Hype Starts Here's Top 100 Songs of 2012 (100-71)

        No one reads the little intros to big old lists like these. I usually don't. The numbers and the songs probably just speak for themselves, but I did want to clear up a couple of things before diving right in, just incase someone out there has more patience than I usually do. First, yes, many artists have multiple ranking songs; for me personally, limiting artists to one or two tracks on a countdown like this is fibbing about what you've actually been listening to and enjoying through-out the past year. Secondly, it's a standing rule of mine that a specific tune belongs to the specific year in which its parent album was released. Yes, its strange to see Video Games here, and stranger still to watch A$AP Rocky's Goldie be omitted. It's just the best way I've yet discovered to maintain annual clarity. There, pesky clarifications over. Let's dive in:

100. Serpents---Sharon Van Etten***
        A brooding, swelling condemnation that combines crackling drum rolls with Etten's jaded fury into a mini-epic.
99. Wasted Days---Cloud Nothings
         Speaking of epic, Cloud Nothings' nine-minute rager contains the most piercing, animalistic vocal performance of the year, and while you're mulling over whether that's actually a good thing or not, feel free to indulge in the gritty, grimy, tension-stuffed instrumental bridge.
98. In the Same Room---Julia Holter***
         A woozy, dreamy number that stirs together dripping reverb, a luminous keyboard line, and an etherial vocal performance.
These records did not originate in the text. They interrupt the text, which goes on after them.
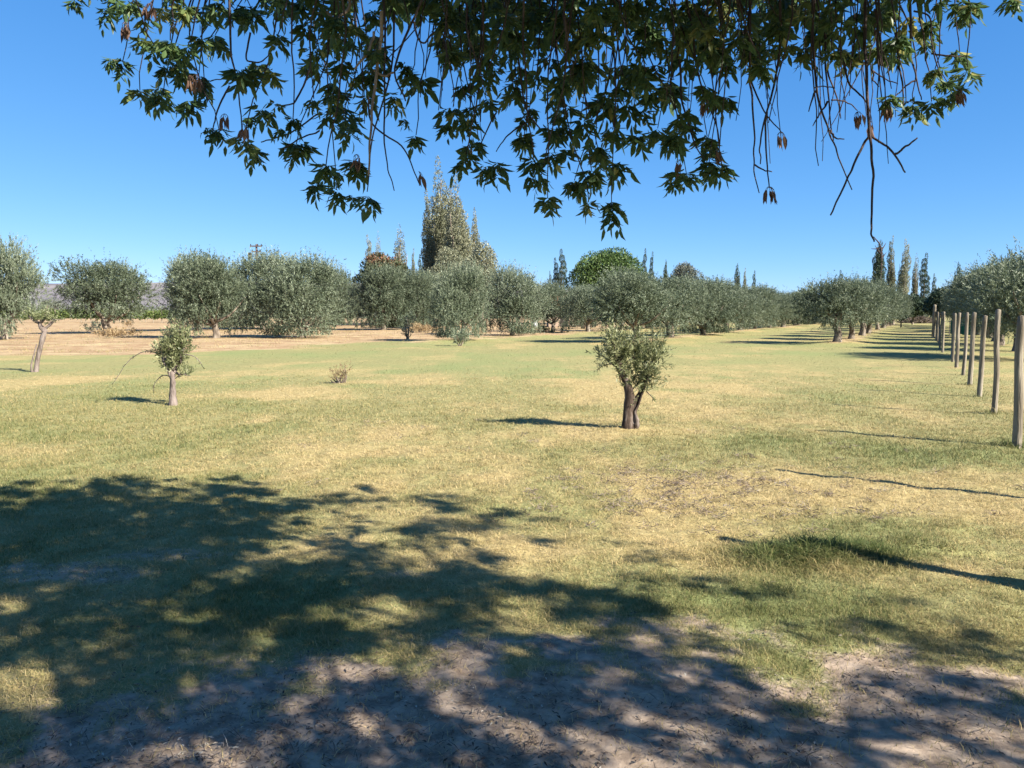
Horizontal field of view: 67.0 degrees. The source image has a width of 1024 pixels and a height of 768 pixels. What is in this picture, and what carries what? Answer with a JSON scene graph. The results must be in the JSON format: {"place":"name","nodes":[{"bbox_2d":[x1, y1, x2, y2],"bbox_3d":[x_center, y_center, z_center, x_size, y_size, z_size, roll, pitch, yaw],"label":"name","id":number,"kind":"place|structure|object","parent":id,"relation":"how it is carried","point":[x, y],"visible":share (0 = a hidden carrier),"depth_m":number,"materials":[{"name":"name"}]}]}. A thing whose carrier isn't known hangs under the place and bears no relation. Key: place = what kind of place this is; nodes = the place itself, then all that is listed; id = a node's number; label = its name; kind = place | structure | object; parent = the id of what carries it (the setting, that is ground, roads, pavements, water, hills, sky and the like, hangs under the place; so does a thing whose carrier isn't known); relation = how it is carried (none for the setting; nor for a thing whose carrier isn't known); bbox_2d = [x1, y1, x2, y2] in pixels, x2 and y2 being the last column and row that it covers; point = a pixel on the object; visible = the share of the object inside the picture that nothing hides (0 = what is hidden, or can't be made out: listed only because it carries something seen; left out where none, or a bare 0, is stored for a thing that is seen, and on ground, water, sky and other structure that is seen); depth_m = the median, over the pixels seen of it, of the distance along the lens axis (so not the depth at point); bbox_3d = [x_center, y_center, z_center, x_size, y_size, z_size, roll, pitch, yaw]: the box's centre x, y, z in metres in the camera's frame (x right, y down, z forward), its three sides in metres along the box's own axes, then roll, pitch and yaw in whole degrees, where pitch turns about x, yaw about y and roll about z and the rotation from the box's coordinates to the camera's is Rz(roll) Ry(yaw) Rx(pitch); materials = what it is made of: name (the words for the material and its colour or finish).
{"place":"outdoors","nodes":[
{"label":"outdoors","id":0,"kind":"place"},
{"bbox_2d":[2,282,567,310],"bbox_3d":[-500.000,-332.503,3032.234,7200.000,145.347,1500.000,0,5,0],"label":"hills","id":1,"kind":"structure","parent":0,"point":[52,287],"depth_m":2835.08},
{"bbox_2d":[0,316,1023,767],"bbox_3d":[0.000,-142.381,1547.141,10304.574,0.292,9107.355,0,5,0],"label":"ground","id":2,"kind":"structure","parent":0,"point":[790,344],"depth_m":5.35,"materials":[{"name":"green plant"}]},
{"bbox_2d":[0,232,56,339],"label":"olive tree","id":3,"kind":"object","parent":2,"relation":"on","point":[17,272],"visible":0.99,"depth_m":48.14,"materials":[{"name":"green plant"}]},
{"bbox_2d":[18,305,64,371],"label":"young olive tree","id":4,"kind":"object","parent":2,"relation":"on","point":[48,316],"visible":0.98,"depth_m":21.77,"materials":[{"name":"green plant"}]},
{"bbox_2d":[36,298,64,309],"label":"tree","id":5,"kind":"object","parent":2,"relation":"on","point":[57,305],"visible":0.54,"depth_m":178.46,"materials":[{"name":"green plant"}]},
{"bbox_2d":[1,309,176,322],"bbox_3d":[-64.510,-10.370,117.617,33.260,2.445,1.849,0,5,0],"label":"vine row","id":6,"kind":"object","parent":2,"relation":"on","point":[157,314],"visible":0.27,"depth_m":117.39,"materials":[{"name":"green plant"}]},
{"bbox_2d":[83,320,101,331],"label":"bush","id":7,"kind":"object","parent":2,"relation":"on","point":[92,326],"visible":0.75,"depth_m":66.72,"materials":[{"name":"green plant"}]},
{"bbox_2d":[45,247,164,332],"bbox_3d":[-31.139,-7.187,60.273,8.612,6.968,8.986,-2,6,-19],"label":"olive tree","id":8,"kind":"object","parent":2,"relation":"on","point":[123,284],"visible":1,"depth_m":58.95,"materials":[{"name":"green plant"}]},
{"bbox_2d":[91,320,142,337],"bbox_3d":[-25.735,-3.618,50.385,2.739,1.380,2.253,2,6,22],"label":"dry weed","id":9,"kind":"object","parent":2,"relation":"on","point":[122,332],"visible":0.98,"depth_m":50.30,"materials":[{"name":"beige plant"}]},
{"bbox_2d":[111,317,203,405],"bbox_3d":[-6.452,-0.391,14.077,1.756,1.675,0.624,0,5,0],"label":"young olive tree","id":10,"kind":"object","parent":2,"relation":"on","point":[175,342],"visible":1,"depth_m":14.02,"materials":[{"name":"green plant"}]},
{"bbox_2d":[148,249,244,329],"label":"olive tree","id":11,"kind":"object","parent":2,"relation":"on","point":[164,290],"visible":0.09,"depth_m":69.25,"materials":[{"name":"green plant"}]},
{"bbox_2d":[159,244,268,337],"bbox_3d":[-19.279,-5.897,50.544,8.012,6.317,6.672,-4,7,-36],"label":"olive tree","id":12,"kind":"object","parent":2,"relation":"on","point":[194,280],"visible":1,"depth_m":49.21,"materials":[{"name":"green plant"}]},
{"bbox_2d":[248,244,261,258],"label":"power pole","id":13,"kind":"object","parent":2,"relation":"on","point":[256,246],"visible":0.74,"depth_m":98.63,"materials":[{"name":"grey wood"}]},
{"bbox_2d":[220,242,298,328],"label":"olive tree","id":14,"kind":"object","parent":2,"relation":"on","point":[248,263],"visible":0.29,"depth_m":75.57,"materials":[{"name":"green plant"}]},
{"bbox_2d":[233,246,354,337],"bbox_3d":[-14.354,-5.970,51.187,8.976,6.408,7.561,3,6,27],"label":"olive tree","id":15,"kind":"object","parent":2,"relation":"on","point":[306,304],"visible":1,"depth_m":50.22,"materials":[{"name":"green plant"}]},
{"bbox_2d":[329,361,352,382],"bbox_3d":[-4.077,-0.254,18.455,0.600,0.604,0.457,0,5,0],"label":"dry shrub","id":16,"kind":"object","parent":2,"relation":"on","point":[338,380],"visible":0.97,"depth_m":18.44,"materials":[{"name":"beige plant"}]},
{"bbox_2d":[319,259,367,326],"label":"olive tree","id":17,"kind":"object","parent":2,"relation":"on","point":[342,318],"visible":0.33,"depth_m":87.19,"materials":[{"name":"green plant"}]},
{"bbox_2d":[336,292,372,324],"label":"shade tree","id":18,"kind":"object","parent":2,"relation":"on","point":[354,309],"visible":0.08,"depth_m":99.13,"materials":[{"name":"green plant"}]},
{"bbox_2d":[365,234,373,324],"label":"poplar tree","id":19,"kind":"object","parent":2,"relation":"on","point":[369,251],"visible":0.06,"depth_m":103.54,"materials":[{"name":"green plant"}]},
{"bbox_2d":[347,252,410,311],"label":"rusty tree","id":20,"kind":"object","parent":2,"relation":"on","point":[372,258],"visible":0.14,"depth_m":96.44,"materials":[{"name":"brown plant"}]},
{"bbox_2d":[341,256,423,329],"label":"olive tree","id":21,"kind":"object","parent":2,"relation":"on","point":[381,280],"visible":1,"depth_m":71.55,"materials":[{"name":"green plant"}]},
{"bbox_2d":[392,223,407,263],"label":"poplar tree","id":22,"kind":"object","parent":2,"relation":"on","point":[398,248],"visible":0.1,"depth_m":102.66,"materials":[{"name":"green plant"}]},
{"bbox_2d":[370,265,438,327],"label":"olive tree","id":23,"kind":"object","parent":2,"relation":"on","point":[423,283],"visible":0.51,"depth_m":73.98,"materials":[{"name":"green plant"}]},
{"bbox_2d":[397,309,416,339],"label":"sapling","id":24,"kind":"object","parent":2,"relation":"on","point":[406,334],"visible":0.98,"depth_m":48.32,"materials":[{"name":"green plant"}]},
{"bbox_2d":[410,322,433,331],"bbox_3d":[-7.405,-4.674,63.488,2.258,1.014,1.944,0,5,0],"label":"straw clump","id":25,"kind":"object","parent":2,"relation":"on","point":[417,328],"visible":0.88,"depth_m":63.31,"materials":[{"name":"beige plant"}]},
{"bbox_2d":[419,189,436,322],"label":"poplar tree","id":26,"kind":"object","parent":2,"relation":"on","point":[428,257],"visible":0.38,"depth_m":107.11,"materials":[{"name":"green plant"}]},
{"bbox_2d":[416,267,459,327],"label":"olive tree","id":27,"kind":"object","parent":2,"relation":"on","point":[425,272],"visible":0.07,"depth_m":81.23,"materials":[{"name":"green plant"}]},
{"bbox_2d":[425,156,454,315],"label":"poplar tree","id":28,"kind":"object","parent":2,"relation":"on","point":[438,217],"visible":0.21,"depth_m":109.35,"materials":[{"name":"green plant"}]},
{"bbox_2d":[426,246,471,286],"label":"willow tree","id":29,"kind":"object","parent":2,"relation":"on","point":[435,268],"visible":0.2,"depth_m":95.93,"materials":[{"name":"green plant"}]},
{"bbox_2d":[442,175,474,319],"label":"poplar tree","id":30,"kind":"object","parent":2,"relation":"on","point":[458,239],"visible":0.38,"depth_m":103.72,"materials":[{"name":"green plant"}]},
{"bbox_2d":[421,253,498,339],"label":"olive tree","id":31,"kind":"object","parent":2,"relation":"on","point":[464,308],"visible":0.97,"depth_m":44.27,"materials":[{"name":"green plant"}]},
{"bbox_2d":[449,324,471,345],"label":"sapling","id":32,"kind":"object","parent":2,"relation":"on","point":[461,336],"visible":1,"depth_m":38.54,"materials":[{"name":"green plant"}]},
{"bbox_2d":[467,207,480,323],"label":"poplar tree","id":33,"kind":"object","parent":2,"relation":"on","point":[475,234],"visible":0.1,"depth_m":108.48,"materials":[{"name":"green plant"}]},
{"bbox_2d":[1,298,950,318],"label":"treeline","id":34,"kind":"object","parent":2,"relation":"on","point":[158,308],"visible":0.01,"depth_m":212.09,"materials":[{"name":"green plant"}]},
{"bbox_2d":[462,241,501,322],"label":"willow tree","id":35,"kind":"object","parent":2,"relation":"on","point":[483,258],"visible":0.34,"depth_m":90.48,"materials":[{"name":"green plant"}]},
{"bbox_2d":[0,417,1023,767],"bbox_3d":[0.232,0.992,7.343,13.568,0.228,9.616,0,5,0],"label":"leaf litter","id":36,"kind":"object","parent":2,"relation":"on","point":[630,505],"visible":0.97,"depth_m":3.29,"materials":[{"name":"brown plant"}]},
{"bbox_2d":[481,259,563,334],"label":"olive tree","id":37,"kind":"object","parent":2,"relation":"on","point":[522,299],"visible":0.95,"depth_m":55.15,"materials":[{"name":"green plant"}]},
{"bbox_2d":[63,0,1023,241],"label":"ash tree","id":38,"kind":"object","parent":2,"relation":"on","point":[697,22],"visible":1,"depth_m":3.41,"materials":[{"name":"green plant"}]},
{"bbox_2d":[527,278,580,331],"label":"olive tree","id":39,"kind":"object","parent":2,"relation":"on","point":[559,309],"visible":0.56,"depth_m":66.21,"materials":[{"name":"green plant"}]},
{"bbox_2d":[536,325,572,332],"bbox_3d":[3.448,-4.612,64.999,3.419,0.754,1.488,0,5,0],"label":"weed clump","id":40,"kind":"object","parent":2,"relation":"on","point":[551,330],"visible":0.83,"depth_m":65.00,"materials":[{"name":"green plant"}]},
{"bbox_2d":[551,257,559,288],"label":"poplar tree","id":41,"kind":"object","parent":2,"relation":"on","point":[554,271],"visible":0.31,"depth_m":129.74,"materials":[{"name":"green plant"}]},
{"bbox_2d":[555,249,566,287],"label":"poplar tree","id":42,"kind":"object","parent":2,"relation":"on","point":[561,272],"visible":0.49,"depth_m":128.53,"materials":[{"name":"green plant"}]},
{"bbox_2d":[557,281,601,328],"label":"olive tree","id":43,"kind":"object","parent":2,"relation":"on","point":[581,324],"visible":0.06,"depth_m":76.42,"materials":[{"name":"green plant"}]},
{"bbox_2d":[558,278,618,331],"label":"olive tree","id":44,"kind":"object","parent":2,"relation":"on","point":[578,300],"visible":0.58,"depth_m":62.16,"materials":[{"name":"green plant"}]},
{"bbox_2d":[565,245,649,321],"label":"round tree","id":45,"kind":"object","parent":2,"relation":"on","point":[590,267],"visible":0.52,"depth_m":104.16,"materials":[{"name":"green plant"}]},
{"bbox_2d":[584,317,676,428],"bbox_3d":[1.675,-0.130,10.950,1.291,1.648,0.692,0,5,0],"label":"young olive tree","id":46,"kind":"object","parent":2,"relation":"on","point":[632,401],"visible":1,"depth_m":10.88,"materials":[{"name":"green plant"}]},
{"bbox_2d":[642,248,646,271],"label":"poplar tree","id":47,"kind":"object","parent":2,"relation":"on","point":[643,262],"visible":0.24,"depth_m":126.63,"materials":[{"name":"green plant"}]},
{"bbox_2d":[581,262,709,337],"bbox_3d":[7.110,-4.521,42.943,7.462,4.558,6.214,0,5,2],"label":"olive tree","id":48,"kind":"object","parent":2,"relation":"on","point":[640,291],"visible":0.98,"depth_m":41.87,"materials":[{"name":"green plant"}]},
{"bbox_2d":[648,251,653,317],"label":"poplar tree","id":49,"kind":"object","parent":2,"relation":"on","point":[651,269],"visible":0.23,"depth_m":126.61,"materials":[{"name":"green plant"}]},
{"bbox_2d":[638,265,730,337],"bbox_3d":[10.364,-5.129,48.534,6.483,4.722,6.764,1,5,11],"label":"olive tree","id":50,"kind":"object","parent":2,"relation":"on","point":[675,280],"visible":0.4,"depth_m":47.55,"materials":[{"name":"green plant"}]},
{"bbox_2d":[670,261,704,281],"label":"grey tree","id":51,"kind":"object","parent":2,"relation":"on","point":[682,269],"visible":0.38,"depth_m":122.87,"materials":[{"name":"green plant"}]},
{"bbox_2d":[660,271,752,334],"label":"olive tree","id":52,"kind":"object","parent":2,"relation":"on","point":[708,324],"visible":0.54,"depth_m":53.55,"materials":[{"name":"green plant"}]},
{"bbox_2d":[693,275,771,331],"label":"olive tree","id":53,"kind":"object","parent":2,"relation":"on","point":[751,299],"visible":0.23,"depth_m":59.74,"materials":[{"name":"green plant"}]},
{"bbox_2d":[734,263,740,287],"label":"poplar tree","id":54,"kind":"object","parent":2,"relation":"on","point":[736,278],"visible":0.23,"depth_m":148.54,"materials":[{"name":"green plant"}]},
{"bbox_2d":[720,279,780,329],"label":"olive tree","id":55,"kind":"object","parent":2,"relation":"on","point":[762,290],"visible":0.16,"depth_m":65.86,"materials":[{"name":"green plant"}]},
{"bbox_2d":[736,282,783,328],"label":"olive tree","id":56,"kind":"object","parent":2,"relation":"on","point":[772,321],"visible":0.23,"depth_m":71.62,"materials":[{"name":"green plant"}]},
{"bbox_2d":[747,289,800,327],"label":"olive tree","id":57,"kind":"object","parent":2,"relation":"on","point":[787,303],"visible":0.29,"depth_m":77.29,"materials":[{"name":"green plant"}]},
{"bbox_2d":[767,291,814,326],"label":"olive tree","id":58,"kind":"object","parent":2,"relation":"on","point":[784,321],"visible":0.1,"depth_m":83.67,"materials":[{"name":"green plant"}]},
{"bbox_2d":[779,291,813,325],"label":"olive tree","id":59,"kind":"object","parent":2,"relation":"on","point":[794,322],"visible":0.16,"depth_m":90.11,"materials":[{"name":"green plant"}]},
{"bbox_2d":[784,268,893,341],"bbox_3d":[17.195,-4.111,40.782,5.514,4.138,5.260,-5,7,-40],"label":"olive tree","id":60,"kind":"object","parent":2,"relation":"on","point":[832,301],"visible":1,"depth_m":39.96,"materials":[{"name":"green plant"}]},
{"bbox_2d":[806,279,893,338],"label":"olive tree","id":61,"kind":"object","parent":2,"relation":"on","point":[851,335],"visible":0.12,"depth_m":46.21,"materials":[{"name":"green plant"}]},
{"bbox_2d":[842,269,906,335],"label":"olive tree","id":62,"kind":"object","parent":2,"relation":"on","point":[863,329],"visible":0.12,"depth_m":51.45,"materials":[{"name":"green plant"}]},
{"bbox_2d":[870,241,887,283],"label":"poplar tree","id":63,"kind":"object","parent":2,"relation":"on","point":[876,262],"visible":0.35,"depth_m":126.13,"materials":[{"name":"green plant"}]},
{"bbox_2d":[873,236,885,282],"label":"dead tree","id":64,"kind":"object","parent":2,"relation":"on","point":[880,251],"visible":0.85,"depth_m":125.53,"materials":[{"name":"brown plant"}]},
{"bbox_2d":[854,292,906,333],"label":"olive tree","id":65,"kind":"object","parent":2,"relation":"on","point":[869,329],"visible":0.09,"depth_m":57.94,"materials":[{"name":"green plant"}]},
{"bbox_2d":[885,235,895,288],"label":"poplar tree","id":66,"kind":"object","parent":2,"relation":"on","point":[891,271],"visible":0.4,"depth_m":128.55,"materials":[{"name":"green plant"}]},
{"bbox_2d":[875,290,907,329],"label":"olive tree","id":67,"kind":"object","parent":2,"relation":"on","point":[877,326],"depth_m":70.66,"materials":[{"name":"green plant"}]},
{"bbox_2d":[880,286,914,327],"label":"olive tree","id":68,"kind":"object","parent":2,"relation":"on","point":[908,303],"visible":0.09,"depth_m":75.35,"materials":[{"name":"green plant"}]},
{"bbox_2d":[897,305,907,326],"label":"shade tree","id":69,"kind":"object","parent":2,"relation":"on","point":[906,316],"visible":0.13,"depth_m":84.50,"materials":[{"name":"green plant"}]},
{"bbox_2d":[896,239,911,294],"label":"poplar tree","id":70,"kind":"object","parent":2,"relation":"on","point":[903,279],"visible":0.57,"depth_m":125.58,"materials":[{"name":"green plant"}]},
{"bbox_2d":[895,316,931,322],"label":"brush pile","id":71,"kind":"object","parent":2,"relation":"on","point":[921,319],"visible":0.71,"depth_m":117.41,"materials":[{"name":"plant"}]},
{"bbox_2d":[911,257,918,295],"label":"poplar tree","id":72,"kind":"object","parent":2,"relation":"on","point":[914,283],"visible":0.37,"depth_m":128.81,"materials":[{"name":"green plant"}]},
{"bbox_2d":[907,292,926,324],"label":"shade tree","id":73,"kind":"object","parent":2,"relation":"on","point":[918,301],"visible":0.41,"depth_m":102.35,"materials":[{"name":"green plant"}]},
{"bbox_2d":[918,252,930,316],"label":"poplar tree","id":74,"kind":"object","parent":2,"relation":"on","point":[923,289],"visible":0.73,"depth_m":126.70,"materials":[{"name":"green plant"}]},
{"bbox_2d":[930,273,936,317],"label":"poplar tree","id":75,"kind":"object","parent":2,"relation":"on","point":[934,285],"visible":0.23,"depth_m":138.93,"materials":[{"name":"green plant"}]},
{"bbox_2d":[921,286,946,316],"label":"tree","id":76,"kind":"object","parent":2,"relation":"on","point":[930,301],"visible":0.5,"depth_m":94.82,"materials":[{"name":"green plant"}]},
{"bbox_2d":[931,305,936,336],"bbox_3d":[30.091,-4.350,55.154,0.239,2.642,0.241,0,5,0],"label":"wooden post","id":77,"kind":"object","parent":2,"relation":"on","point":[934,308],"visible":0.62,"depth_m":55.06,"materials":[{"name":"brown wood"}]},
{"bbox_2d":[933,311,935,337],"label":"wooden post","id":78,"kind":"object","parent":2,"relation":"on","point":[934,325],"visible":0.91,"depth_m":51.74,"materials":[{"name":"brown wood"}]},
{"bbox_2d":[939,312,942,349],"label":"wooden post","id":79,"kind":"object","parent":2,"relation":"on","point":[941,324],"visible":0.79,"depth_m":34.98,"materials":[{"name":"brown wood"}]},
{"bbox_2d":[941,312,944,351],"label":"wooden post","id":80,"kind":"object","parent":2,"relation":"on","point":[943,337],"visible":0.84,"depth_m":32.25,"materials":[{"name":"brown wood"}]},
{"bbox_2d":[937,284,951,319],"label":"olive tree","id":81,"kind":"object","parent":2,"relation":"on","point":[947,317],"visible":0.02,"depth_m":75.30,"materials":[{"name":"green plant"}]},
{"bbox_2d":[936,288,952,313],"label":"olive tree","id":82,"kind":"object","parent":2,"relation":"on","point":[943,302],"depth_m":69.77,"materials":[{"name":"green plant"}]},
{"bbox_2d":[951,312,954,354],"bbox_3d":[16.718,-1.708,29.332,0.107,2.052,0.164,6,8,50],"label":"wooden post","id":83,"kind":"object","parent":2,"relation":"on","point":[952,330],"visible":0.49,"depth_m":29.26,"materials":[{"name":"brown wood"}]},
{"bbox_2d":[951,313,955,361],"bbox_3d":[15.176,-1.424,26.567,0.101,2.016,0.121,-1,4,-23],"label":"wooden post","id":84,"kind":"object","parent":2,"relation":"on","point":[953,342],"visible":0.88,"depth_m":26.53,"materials":[{"name":"brown wood"}]},
{"bbox_2d":[954,312,960,367],"bbox_3d":[13.816,-1.189,23.986,0.153,2.059,0.114,-10,11,-61],"label":"wooden post","id":85,"kind":"object","parent":2,"relation":"on","point":[957,341],"visible":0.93,"depth_m":23.94,"materials":[{"name":"brown wood"}]},
{"bbox_2d":[949,318,970,335],"bbox_3d":[32.463,-4.082,55.916,0.060,1.362,2.199,-1,5,-12],"label":"shade net","id":86,"kind":"object","parent":2,"relation":"on","point":[961,330],"visible":0.21,"depth_m":55.86,"materials":[{"name":"green fabric"}]},
{"bbox_2d":[936,261,986,334],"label":"olive tree","id":87,"kind":"object","parent":2,"relation":"on","point":[945,286],"depth_m":57.21,"materials":[{"name":"green plant"}]},
{"bbox_2d":[961,312,968,374],"bbox_3d":[12.244,-0.910,20.904,0.107,2.058,0.118,-3,7,-30],"label":"wooden post","id":88,"kind":"object","parent":2,"relation":"on","point":[965,344],"visible":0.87,"depth_m":20.85,"materials":[{"name":"brown wood"}]},
{"bbox_2d":[943,264,992,337],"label":"olive tree","id":89,"kind":"object","parent":2,"relation":"on","point":[988,330],"depth_m":51.14,"materials":[{"name":"green plant"}]},
{"bbox_2d":[967,312,976,384],"bbox_3d":[10.858,-0.657,18.273,0.115,2.084,0.117,-2,6,-21],"label":"wooden post","id":90,"kind":"object","parent":2,"relation":"on","point":[971,354],"visible":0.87,"depth_m":18.23,"materials":[{"name":"brown wood"}]},
{"bbox_2d":[942,258,1013,345],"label":"olive tree","id":91,"kind":"object","parent":2,"relation":"on","point":[1002,339],"visible":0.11,"depth_m":39.93,"materials":[{"name":"green plant"}]},
{"bbox_2d":[947,255,1009,340],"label":"olive tree","id":92,"kind":"object","parent":2,"relation":"on","point":[992,339],"depth_m":45.72,"materials":[{"name":"green plant"}]},
{"bbox_2d":[977,315,987,396],"bbox_3d":[9.534,-0.394,15.704,0.108,2.003,0.108,1,6,7],"label":"wooden post","id":93,"kind":"object","parent":2,"relation":"on","point":[981,359],"visible":0.86,"depth_m":15.66,"materials":[{"name":"brown wood"}]},
{"bbox_2d":[942,236,1023,349],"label":"olive tree","id":94,"kind":"object","parent":2,"relation":"on","point":[1010,291],"visible":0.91,"depth_m":27.33,"materials":[{"name":"green plant"}]},
{"bbox_2d":[953,245,1023,350],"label":"olive tree","id":95,"kind":"object","parent":2,"relation":"on","point":[1013,347],"visible":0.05,"depth_m":33.86,"materials":[{"name":"green plant"}]},
{"bbox_2d":[991,309,1000,413],"bbox_3d":[8.023,-0.194,12.823,0.121,2.096,0.101,-3,6,-29],"label":"wooden post","id":96,"kind":"object","parent":2,"relation":"on","point":[996,376],"visible":0.89,"depth_m":12.78,"materials":[{"name":"brown wood"}]},
{"bbox_2d":[1012,315,1023,447],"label":"wooden post","id":97,"kind":"object","parent":2,"relation":"on","point":[1017,432],"visible":0.86,"depth_m":9.70,"materials":[{"name":"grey wood"}]},
{"bbox_2d":[0,0,1023,296],"label":"sky","id":98,"kind":"structure","parent":0,"point":[83,171],"materials":[{"name":"blue"}]},
{"bbox_2d":[2,327,1023,394],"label":"dry grass","id":99,"kind":"structure","parent":0,"point":[386,348],"depth_m":39.68,"materials":[{"name":"beige plant"}]},
{"bbox_2d":[547,303,591,326],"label":"house","id":100,"kind":"structure","parent":0,"point":[556,324],"depth_m":89.26,"materials":[{"name":"paint"}]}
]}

In other words, it's a Julia Holter song.
97. Who Did That to You---John Legend
        The standout from Quentin Tarantino's wildly eclectic Django Unchained soundtrack, Legend's voice is as buttery as ever, promising revenge over some badass backing.
96. Stay Useless---Cloud Nothings
        Entire worlds removed from Wasted Days, SU is a pop-punk ditty that clings to the brain, and won't let go. An unmitigated celebration of youthful apathy and indecision.
95. Would You Be My Love---Ty Segall
        No one writes songs as simultaneously catchy and grimy as Ty Segall, and Would You Be My Love is an amazing example, a rocker and a whistler wrapped into one.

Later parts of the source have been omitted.